If I would use only a few adjectives to describe myself, I would choose these additional words:
- Happy - I am quite joyful most of the time, despite everything. If I am not in a blissful state, it is usually because of actual difficulties in my life. If those are bad enough, which happened many times, I still cannot stay sad for too long, it feels like it would be too dangerous for me and would lead to devastating losses. Usually, I soon find ways to force myself out of sadness by action or radical material changes. Luckily for me, I discovered and started practicing prolonged meditations (zazen, pranayama, kundalini, etc.) early in youth and had the time of my life, staring at empty walls.
- Sensitive - in some cases overly so: I used to have an extreme color sensitivity, to the point that I could wear only achromatic clothing for some periods of my life. Once, I painted my walls black, another time - my hair (I am blond). Then I had periods of white walls and attire. Till this day you can notice these tendencies in my clothing and minimal home decoration. On top of that, I can be inexplicably sensitive to some words and especially facial expressions.
- Risky - I can take and handle lots of risk if I know the reason, have considered the range of outcomes, and initiate the action on my own. The problem is, that for the most of my life, I could tolerate the possibility of very bad possible results as well, and a couple of time lived through them. At the same time, I almost never feel adventurous, maybe it is because I am rarely bored and have enough stimulation.

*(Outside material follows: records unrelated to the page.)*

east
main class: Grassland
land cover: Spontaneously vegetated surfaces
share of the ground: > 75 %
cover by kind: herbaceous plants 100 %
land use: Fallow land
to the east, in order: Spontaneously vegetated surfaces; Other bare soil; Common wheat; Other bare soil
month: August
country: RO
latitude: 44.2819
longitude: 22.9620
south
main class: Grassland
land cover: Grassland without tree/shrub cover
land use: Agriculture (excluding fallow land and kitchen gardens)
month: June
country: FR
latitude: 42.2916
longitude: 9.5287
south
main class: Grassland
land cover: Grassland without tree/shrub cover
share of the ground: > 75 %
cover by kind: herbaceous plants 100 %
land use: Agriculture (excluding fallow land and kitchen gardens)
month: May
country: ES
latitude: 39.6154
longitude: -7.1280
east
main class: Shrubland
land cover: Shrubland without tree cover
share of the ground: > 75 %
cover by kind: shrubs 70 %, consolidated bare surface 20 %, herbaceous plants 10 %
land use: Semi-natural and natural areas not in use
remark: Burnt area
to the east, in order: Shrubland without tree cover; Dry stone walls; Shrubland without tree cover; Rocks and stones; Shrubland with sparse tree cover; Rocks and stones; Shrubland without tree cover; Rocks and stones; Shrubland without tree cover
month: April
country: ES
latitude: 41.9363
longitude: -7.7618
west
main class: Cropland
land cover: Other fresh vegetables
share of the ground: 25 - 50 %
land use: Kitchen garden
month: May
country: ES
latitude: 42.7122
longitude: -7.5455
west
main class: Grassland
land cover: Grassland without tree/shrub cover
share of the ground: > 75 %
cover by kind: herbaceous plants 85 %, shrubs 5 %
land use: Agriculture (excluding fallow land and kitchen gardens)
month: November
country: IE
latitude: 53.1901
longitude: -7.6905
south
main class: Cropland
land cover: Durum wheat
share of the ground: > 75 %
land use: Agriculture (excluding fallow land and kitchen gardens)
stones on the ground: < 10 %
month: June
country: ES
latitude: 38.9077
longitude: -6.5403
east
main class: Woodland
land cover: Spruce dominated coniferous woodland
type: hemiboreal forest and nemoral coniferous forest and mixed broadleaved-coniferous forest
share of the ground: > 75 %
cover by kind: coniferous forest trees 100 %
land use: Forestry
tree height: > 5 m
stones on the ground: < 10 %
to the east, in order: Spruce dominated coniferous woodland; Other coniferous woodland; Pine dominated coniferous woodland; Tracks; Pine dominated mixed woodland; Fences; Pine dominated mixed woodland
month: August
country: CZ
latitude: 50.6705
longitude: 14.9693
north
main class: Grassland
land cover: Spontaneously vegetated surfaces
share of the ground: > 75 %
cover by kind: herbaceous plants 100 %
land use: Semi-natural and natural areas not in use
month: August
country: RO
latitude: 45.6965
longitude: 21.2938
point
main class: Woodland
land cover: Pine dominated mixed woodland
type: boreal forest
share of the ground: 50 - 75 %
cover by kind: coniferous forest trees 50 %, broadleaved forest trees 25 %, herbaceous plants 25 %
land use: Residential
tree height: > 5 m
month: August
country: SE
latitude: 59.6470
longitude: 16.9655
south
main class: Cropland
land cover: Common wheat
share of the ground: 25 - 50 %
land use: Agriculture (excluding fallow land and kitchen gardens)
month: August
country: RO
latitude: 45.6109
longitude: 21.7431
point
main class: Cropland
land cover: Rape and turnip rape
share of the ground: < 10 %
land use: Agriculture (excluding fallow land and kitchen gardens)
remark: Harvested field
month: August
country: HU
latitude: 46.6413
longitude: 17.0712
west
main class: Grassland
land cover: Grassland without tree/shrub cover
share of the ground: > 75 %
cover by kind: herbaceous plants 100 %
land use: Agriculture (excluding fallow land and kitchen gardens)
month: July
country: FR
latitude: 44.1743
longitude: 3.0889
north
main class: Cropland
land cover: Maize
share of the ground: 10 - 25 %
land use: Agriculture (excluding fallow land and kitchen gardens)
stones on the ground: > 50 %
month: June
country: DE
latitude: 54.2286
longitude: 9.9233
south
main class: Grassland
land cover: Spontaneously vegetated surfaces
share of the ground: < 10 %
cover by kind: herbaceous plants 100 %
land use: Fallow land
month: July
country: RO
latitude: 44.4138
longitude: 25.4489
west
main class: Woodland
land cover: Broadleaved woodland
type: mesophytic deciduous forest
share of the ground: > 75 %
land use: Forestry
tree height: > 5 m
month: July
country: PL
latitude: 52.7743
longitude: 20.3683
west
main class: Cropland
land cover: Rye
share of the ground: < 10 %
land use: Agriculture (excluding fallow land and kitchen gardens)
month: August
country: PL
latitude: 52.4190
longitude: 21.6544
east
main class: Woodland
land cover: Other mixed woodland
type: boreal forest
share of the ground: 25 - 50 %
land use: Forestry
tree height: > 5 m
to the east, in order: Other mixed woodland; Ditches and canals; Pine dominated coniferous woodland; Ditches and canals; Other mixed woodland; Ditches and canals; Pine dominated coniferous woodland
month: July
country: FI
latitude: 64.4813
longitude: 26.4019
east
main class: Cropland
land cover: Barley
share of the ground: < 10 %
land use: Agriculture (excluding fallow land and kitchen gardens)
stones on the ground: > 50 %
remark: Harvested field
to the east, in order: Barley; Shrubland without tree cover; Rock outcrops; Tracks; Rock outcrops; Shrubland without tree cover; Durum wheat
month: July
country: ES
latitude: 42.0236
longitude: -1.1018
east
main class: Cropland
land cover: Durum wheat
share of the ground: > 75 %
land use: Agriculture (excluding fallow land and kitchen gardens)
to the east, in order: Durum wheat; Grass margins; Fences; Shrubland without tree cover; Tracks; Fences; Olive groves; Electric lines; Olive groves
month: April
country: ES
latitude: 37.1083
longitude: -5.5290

However, in some areas, I can hardly tolerate any risk at all: I do not want any fun via scare, I maintain an emergency fund in three forms at all times because I do not want to loose any dignity or health, and so on. I take only few things for granted. I rarely can find comfort connected to dependency, which makes me a challenging partner, On the other hand, it keeps me free from addictive substances. I make it hard to offend me and let it be known: it enables more precious truth coming my way, which decreases my risk to make stupid mistakes or die largely clueless.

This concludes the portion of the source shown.